While once thought of as only an Appalachian basin Devonian-age Ohio shales play and the exclusive domain of regional independents, development of gas shales has expanded to new basins and has begun to attract larger E&P firms. Companies such as Amoco, Chevron, and Shell in the Michigan basin and Mitchell Energy & Development and Anadarko Petroleum Corp. in the Fort Worth basin are aggressively pursuing this gas resource.

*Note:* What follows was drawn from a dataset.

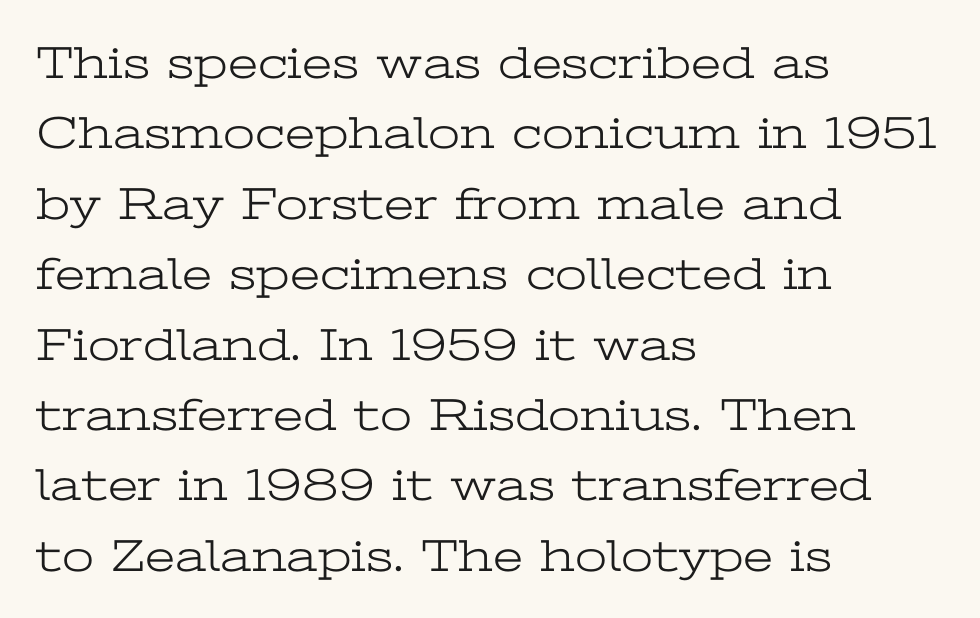
{"serif": "yes", "italic": "no", "bold": "no", "weight": "light", "width": "wide", "stroke_contrast": "low", "x_height": "medium", "monospaced": "no", "underline": "no", "align": "left", "line_spacing": "normal", "line_spacing_ratio": 1.53, "letter_spacing": "normal", "letter_spacing_em": 0.0, "glyph_px": 46}

With the success seen in these basins, E&P companies are also testing the potential of gas shale plays in the New Albany shales of the Illinois basin, the Niobrara shales of the DJ basin, and Woodford shales in southern Oklahoma the (Fig. 1.[ 57309 bytes])

Industry status

At yearend 1995, gas shales provide an estimated 800 MMcfd (300 bcf/year) of U.S. natural gas production. The principal producing areas are the traditional Devonian shales of the Appalachian basin as well as the emerging Antrim shales of the Michigan basin and the Barnett shales of the Fort Worth basin (Fig. 2[21621 bytes]). Overall, production from gas shales has more than doubled since 1990 and is up significantly since 1992, the year tax credits ended, the Antrim shales of Michigan fueling the bulk of the growth with (Table 1[13584 bytes]).

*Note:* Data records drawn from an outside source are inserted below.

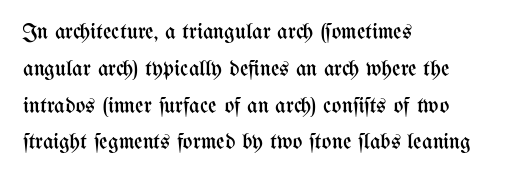
Q: Is the text bold? A: No.
Q: Is the text italic (slanted)? A: No, it is upright.
Q: Is the text underlined? A: No.
Q: How is the paragraph aligned? A: Left-aligned.
Q: Is the spacing between letters normal or unusually wide? A: Normal.
Q: Is the spacing between lines tight, normal or loose? A: Normal.
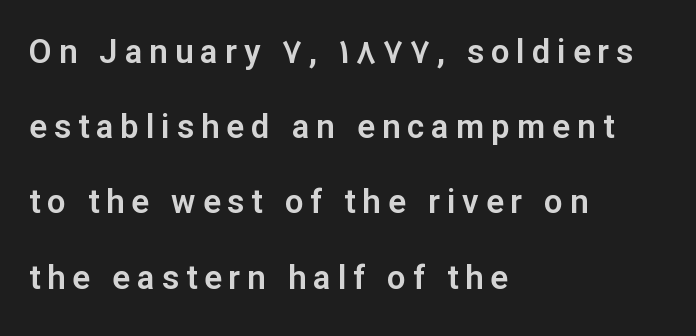
Q: Is the text italic (slanted)? A: No, it is upright.
Q: Is the typeface a serif or a sans-serif typeface? A: Sans-serif.
Q: Is the text underlined? A: No.
Q: How is the paragraph aligned? A: Left-aligned.
Q: Is the spacing between letters normal or unusually wide? A: Unusually wide.
Q: Is the spacing between lines tight, normal or loose? A: Loose.
Q: Width (condensed, normal, or wide)? A: Normal.
Q: Stroke contrast? A: Low.
Q: x-height? A: Medium.
Q: Monospaced? A: No.

The other vital statistics for the "gas shale industry" are provided (Tables 2 [14973 bytes], 3 [13858 bytes] and 4 [13975 bytes ]). The data include information from the Appalachian basin, a region for which it has traditionally been difficult to obtain data. These statistics show that the gas shales industry is vigorous and has been able to continue to grow without tax subsidies.

  • Gas shale drilling has rebounded strongly in 1995 with 1,300 completions after a drop to about 900 completions in 1993 and 1994 (Table 2 [14973 bytes]). Active drilling in the Antrim shale-with an estimated 850 completions, nearly double the rate of the prior 2 years-has led the way. The continuing decline in Appalachian basin gas shale drilling has been counterbalanced by increased activity in the Fort Worth and Illinois gas shale basins.

  • Currently, about 22,000 gas shale wells are active and producing, with the bulk of these still in the Appalachian basin (Table 3 [13858 bytes]). The major recent growth has been in the Antrim shale, where an estimated 4,600 wells are producing at the end of 1995, up from 2,043 wells at yearend 1992. This growth has countered the decline in producing gas shale wells in the Appalachian basin as low gas prices have led operators to shut in nearly 2,000 marginal wells.

  • While the resource in place has been estimated in the hundreds of trillion cubic feet, currently only about 3.3 tcf of the gas shale resource is booked as proved reserves, principally in the Appalachian and Michigan basins. At the end of 1994, proved reserves of gas shales were up by 28% from 1992, when the tax credits expired.

  • After many years of declining returns to drilling, reserves per well have steadily improved for gas shales as operators have shifted more of their attention to the emerging gas shale basins. With the active recent drilling and the improvements noted in gas recovery per well in these basins, proved reserves of natural gas from shales should be up strongly in 1995.

Gas shale well productivity varies widely by basin, due to variations in the intensity of the local natural fracture network, richness of the shale, net thickness, and other key reservoir properties (Table 5 [13598 bytes]). In addition, changes in well completion and operating methods have led to increased per well reserves and productivity. Currently, the deep (7,000-8,000 ft) wells in the Barnett shale are the most prolific, showing initial production rates of 500-1,000 Mcfd. Next come the wells drilled into the "sweet spots" of the shallow (1,500 ft) Michigan basin that peak at 300-500 Mcfd after dewatering. At the other extreme are the moderate depth (4,000 ft) Devonian-age shale wells of the Appalachian basin that produce a few hundred thousand cubic feet per day initially and rapidly decline to below 100 Mcfd. Even here, large 1,000 Mcfd wells are occasionally found, particularly when the wells intersect extensive gas filled natural fracture systems.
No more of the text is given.